● Task brief
Reproduce the records exactly, beginning with their first line and ending with the line that contains "#491=ORIENTED_EDGE('',*,*,#720,.F.);", and output nothing more.

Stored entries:
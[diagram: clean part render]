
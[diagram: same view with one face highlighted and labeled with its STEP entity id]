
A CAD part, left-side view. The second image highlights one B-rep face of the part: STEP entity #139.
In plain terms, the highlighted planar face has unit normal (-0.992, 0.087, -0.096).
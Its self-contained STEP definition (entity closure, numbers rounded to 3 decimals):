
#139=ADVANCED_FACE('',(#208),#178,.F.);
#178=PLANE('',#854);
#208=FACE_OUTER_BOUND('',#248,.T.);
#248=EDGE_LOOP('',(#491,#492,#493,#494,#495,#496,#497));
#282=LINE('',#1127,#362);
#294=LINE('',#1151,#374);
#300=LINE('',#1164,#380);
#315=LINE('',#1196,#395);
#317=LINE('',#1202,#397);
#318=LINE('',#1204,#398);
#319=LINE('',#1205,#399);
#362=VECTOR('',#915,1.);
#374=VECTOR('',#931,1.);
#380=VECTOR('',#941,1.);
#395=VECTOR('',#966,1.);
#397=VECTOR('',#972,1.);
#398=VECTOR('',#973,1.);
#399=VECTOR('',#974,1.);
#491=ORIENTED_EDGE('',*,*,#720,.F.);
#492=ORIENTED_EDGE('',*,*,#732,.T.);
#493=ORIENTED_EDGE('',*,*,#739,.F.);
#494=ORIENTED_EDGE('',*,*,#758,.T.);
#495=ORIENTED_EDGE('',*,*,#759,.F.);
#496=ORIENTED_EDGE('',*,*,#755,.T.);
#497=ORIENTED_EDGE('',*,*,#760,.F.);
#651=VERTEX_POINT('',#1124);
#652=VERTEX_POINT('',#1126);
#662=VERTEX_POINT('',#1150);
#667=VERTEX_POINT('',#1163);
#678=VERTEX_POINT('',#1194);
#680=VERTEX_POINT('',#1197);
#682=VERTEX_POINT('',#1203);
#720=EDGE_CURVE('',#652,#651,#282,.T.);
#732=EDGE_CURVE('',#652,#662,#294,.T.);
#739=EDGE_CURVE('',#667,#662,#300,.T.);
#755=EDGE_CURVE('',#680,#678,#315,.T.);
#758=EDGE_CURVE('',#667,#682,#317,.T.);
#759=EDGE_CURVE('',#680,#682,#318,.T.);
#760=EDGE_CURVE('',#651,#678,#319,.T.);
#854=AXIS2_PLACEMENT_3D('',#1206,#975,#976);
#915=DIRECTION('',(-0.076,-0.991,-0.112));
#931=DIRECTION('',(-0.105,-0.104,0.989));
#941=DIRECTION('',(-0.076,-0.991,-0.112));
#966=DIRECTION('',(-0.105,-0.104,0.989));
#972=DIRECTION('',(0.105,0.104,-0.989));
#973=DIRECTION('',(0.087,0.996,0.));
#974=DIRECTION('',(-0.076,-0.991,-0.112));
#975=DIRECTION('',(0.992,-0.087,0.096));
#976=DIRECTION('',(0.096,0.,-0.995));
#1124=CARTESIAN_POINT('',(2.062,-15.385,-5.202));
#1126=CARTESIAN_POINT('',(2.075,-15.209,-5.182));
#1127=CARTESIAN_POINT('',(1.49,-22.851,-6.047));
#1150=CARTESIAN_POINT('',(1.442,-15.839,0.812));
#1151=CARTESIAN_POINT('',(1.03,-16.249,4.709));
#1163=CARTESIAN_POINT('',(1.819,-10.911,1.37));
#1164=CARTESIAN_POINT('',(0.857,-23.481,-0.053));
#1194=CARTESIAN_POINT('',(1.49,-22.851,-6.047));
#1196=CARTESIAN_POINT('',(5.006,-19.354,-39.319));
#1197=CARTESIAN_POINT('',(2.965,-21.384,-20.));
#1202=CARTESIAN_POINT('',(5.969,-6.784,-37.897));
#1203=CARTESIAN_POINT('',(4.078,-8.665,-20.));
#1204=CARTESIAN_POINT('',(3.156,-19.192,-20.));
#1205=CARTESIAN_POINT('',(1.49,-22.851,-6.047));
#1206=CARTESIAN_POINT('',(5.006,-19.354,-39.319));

● Written response
[diagram: clean part render]
[diagram: same view with one face highlighted and labeled with its STEP entity id]
A CAD part, left-side view. The second image highlights one B-rep face of the part: STEP entity #139.
In plain terms, the highlighted planar face has unit normal (-0.992, 0.087, -0.096).
Its self-contained STEP definition (entity closure, numbers rounded to 3 decimals):
#139=ADVANCED_FACE('',(#208),#178,.F.);
#178=PLANE('',#854);
#208=FACE_OUTER_BOUND('',#248,.T.);
#248=EDGE_LOOP('',(#491,#492,#493,#494,#495,#496,#497));
#282=LINE('',#1127,#362);
#294=LINE('',#1151,#374);
#300=LINE('',#1164,#380);
#315=LINE('',#1196,#395);
#317=LINE('',#1202,#397);
#318=LINE('',#1204,#398);
#319=LINE('',#1205,#399);
#362=VECTOR('',#915,1.);
#374=VECTOR('',#931,1.);
#380=VECTOR('',#941,1.);
#395=VECTOR('',#966,1.);
#397=VECTOR('',#972,1.);
#398=VECTOR('',#973,1.);
#399=VECTOR('',#974,1.);
#491=ORIENTED_EDGE('',*,*,#720,.F.);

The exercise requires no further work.